As mentioned, the game skillfully balances on the border of the masocore genre, where the joy of destruction feels delightfully punitive yet satisfying. The learning curve is essentially based on your eventual understanding of the game's physics, where sometimes the most absurd machine designs translate into the most triumphant successes. It's an experience peppered with trial and error (weighing heavily with the latter) — a constant tweaking of strategies that keeps the gameplay fresh and addicting.

Modes of chaos

"ABRISS" treats you to a few different modes that promise endless hours of destructive fun. The campaign mode is a well-curated journey across seven worlds, each characterized by unique environmental mechanics and increasingly challenging stages. As you forge ahead, your arsenal expands, paving the way for more sophisticated strategies and grander displays of utter destruction.


For those who prefer a more unstructured approach, the sandbox mode is your haven of unbridled creativity, where the rulebook is tossed aside, and the floor is open for any concoction your mind can muster. Endless mode beckons masochists at heart to vie for the ultimate high score in a relentless spree of demolition.

It shouldn't come as a surprise that "ABRISS" truly shines in its complex destruction system, a tantalizing dance of physics and graphics that transforms every crumbling structure into a visual poetry of debris and explosive particles. The meticulous attention to detail is evident in the little fragments that scatter and the thunderous sounds that accompany the downfall of whatever it is that you're trying to destroy, lending an auditory satisfaction that complements the visual feast.


The photo mode further amplifies the immersive experience, offering a chance to capture the catastrophic beauty in 4K clarity, freeze moments in time, or even create looping GIFs that encapsulate the chaotic artistry in motion. Necessary? Not at all. A welcomed feature? Absolutely.

A symphony of creation and destruction

A puzzle game at heart, the allure of "ABRISS'" is its brutalist landscapes, intricate building mechanics, and the freedom to destroy in myriad ways, offering a gaming experience that is both nostalgic and refreshingly modern. With Steam Workshop support, you can also share your creations with the world and challenge others to build machines that rival yours.

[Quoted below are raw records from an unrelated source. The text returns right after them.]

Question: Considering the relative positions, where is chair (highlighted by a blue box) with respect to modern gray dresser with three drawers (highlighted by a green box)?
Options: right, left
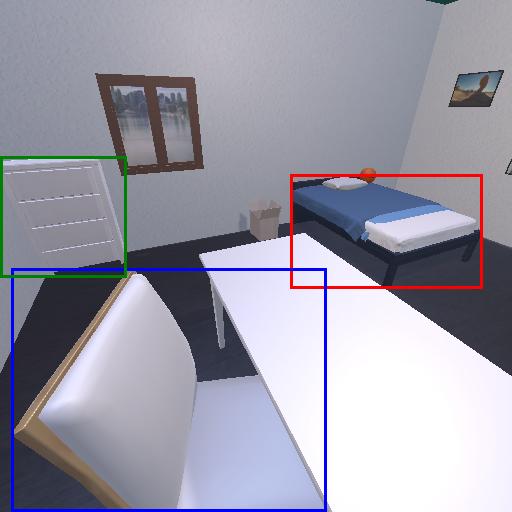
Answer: right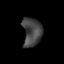
Tissue: prostate
Cell type: Epithelial cells
Senescence score: 0.3451
Nuclear area (px): 535
Mean DAPI intensity: 68.378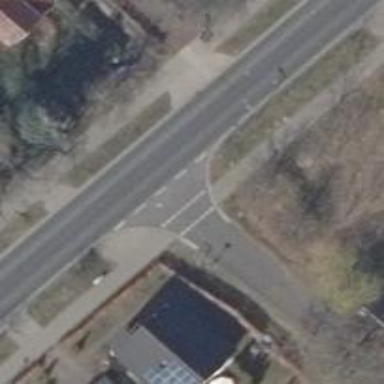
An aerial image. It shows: Road with "give way" sign.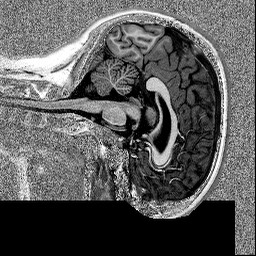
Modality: MP2RAGE
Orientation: sagittal
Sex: female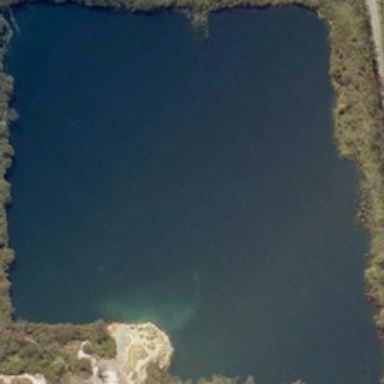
Some green trees are around an almost square pond .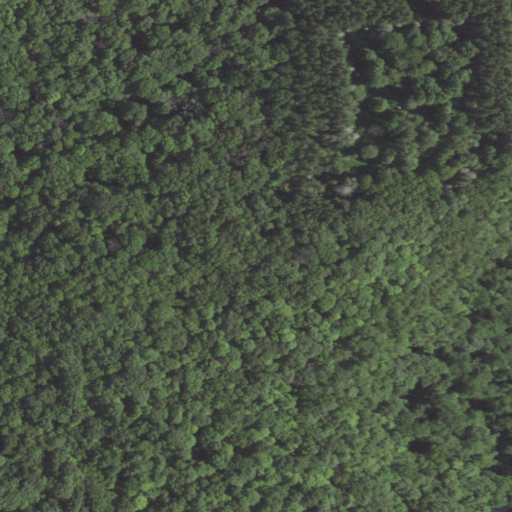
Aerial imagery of mountain in New York named Turkey Hill containing deciduous forest, evergreen forest, and open development
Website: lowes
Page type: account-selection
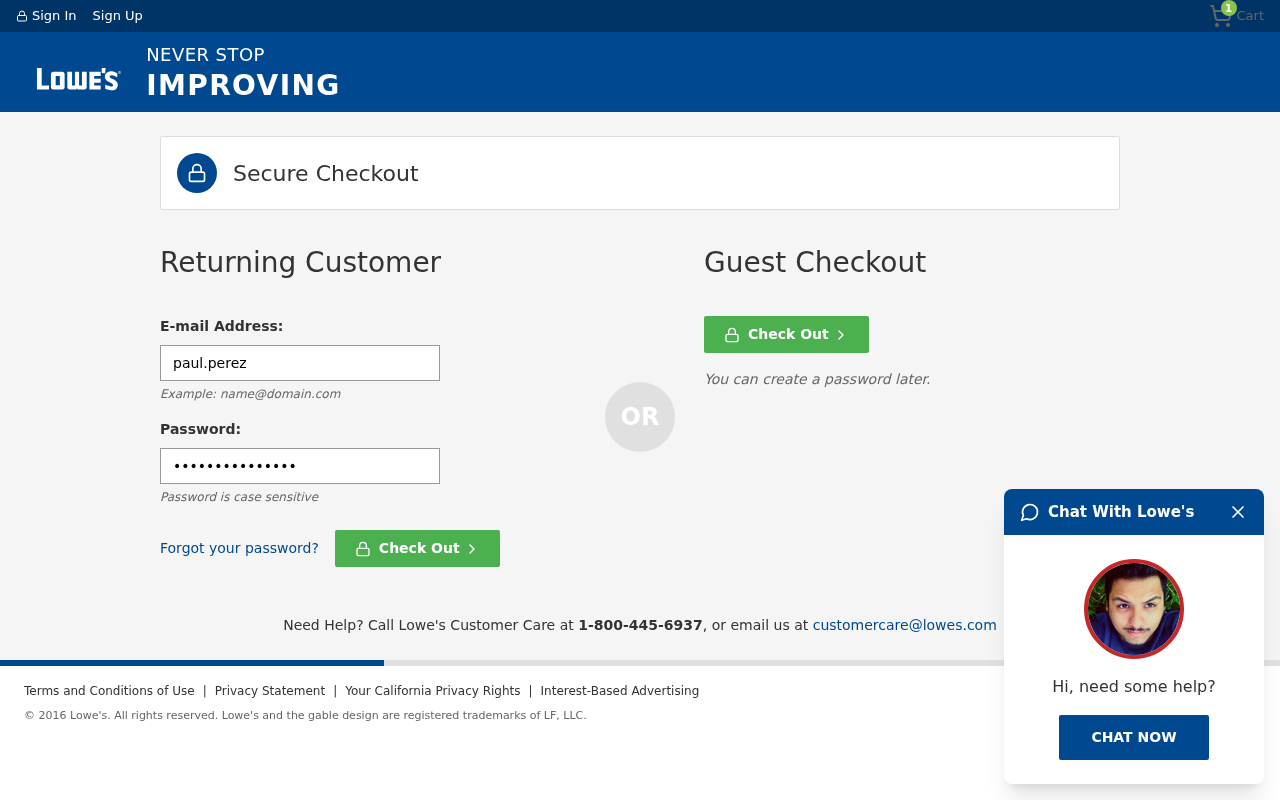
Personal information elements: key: PII_LOGIN_USERNAME
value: paul.perez
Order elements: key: ORDER_NUM_ITEMS
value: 1
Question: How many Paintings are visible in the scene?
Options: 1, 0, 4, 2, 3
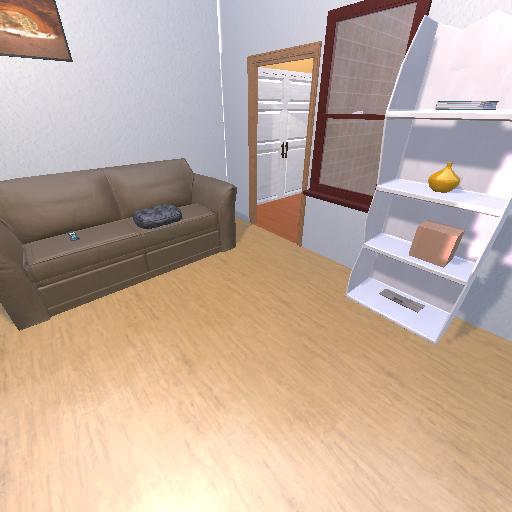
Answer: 1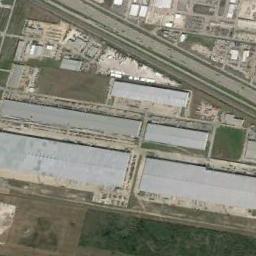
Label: industrial_area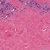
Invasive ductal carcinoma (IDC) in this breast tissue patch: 0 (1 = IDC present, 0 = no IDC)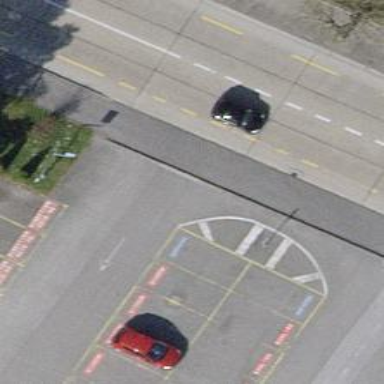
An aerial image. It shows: Parking aisle road with sidewalk.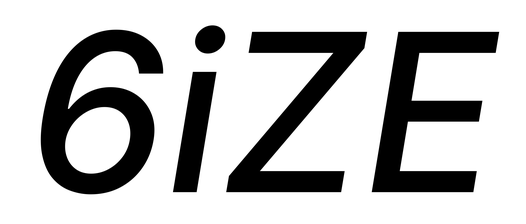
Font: Inter-Italic_Medium_Italic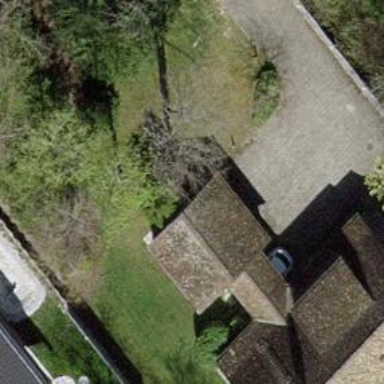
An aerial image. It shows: Garage building.
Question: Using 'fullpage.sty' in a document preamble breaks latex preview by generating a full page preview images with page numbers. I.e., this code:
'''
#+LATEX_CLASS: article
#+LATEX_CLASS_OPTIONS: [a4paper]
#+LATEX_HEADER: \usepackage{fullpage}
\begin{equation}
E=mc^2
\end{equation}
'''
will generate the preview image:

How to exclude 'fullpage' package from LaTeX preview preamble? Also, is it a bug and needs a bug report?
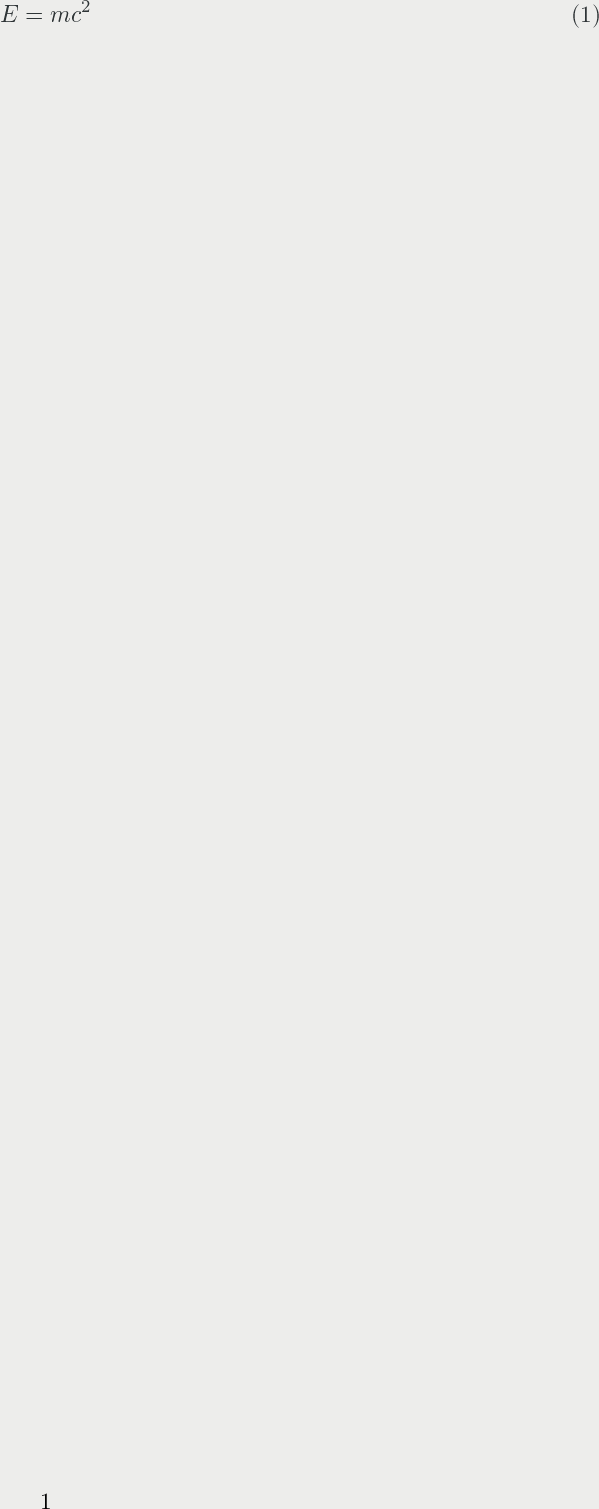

While the game brilliantly toes the line of the masocore genre, offering challenges that are over-the-top tough yet satisfying, it also nurtures the creator within, encouraging an explorative approach towards achieving destructive success. It's a delightful juxtaposition of planned strategy and unexpected outcomes, making each gaming session a unique narrative of destruction.

Though at times, you might yearn for more depth in the storyline or a more extensive array of building components, ABRISS holds its ground as a robust platform where the joy of destruction takes center stage.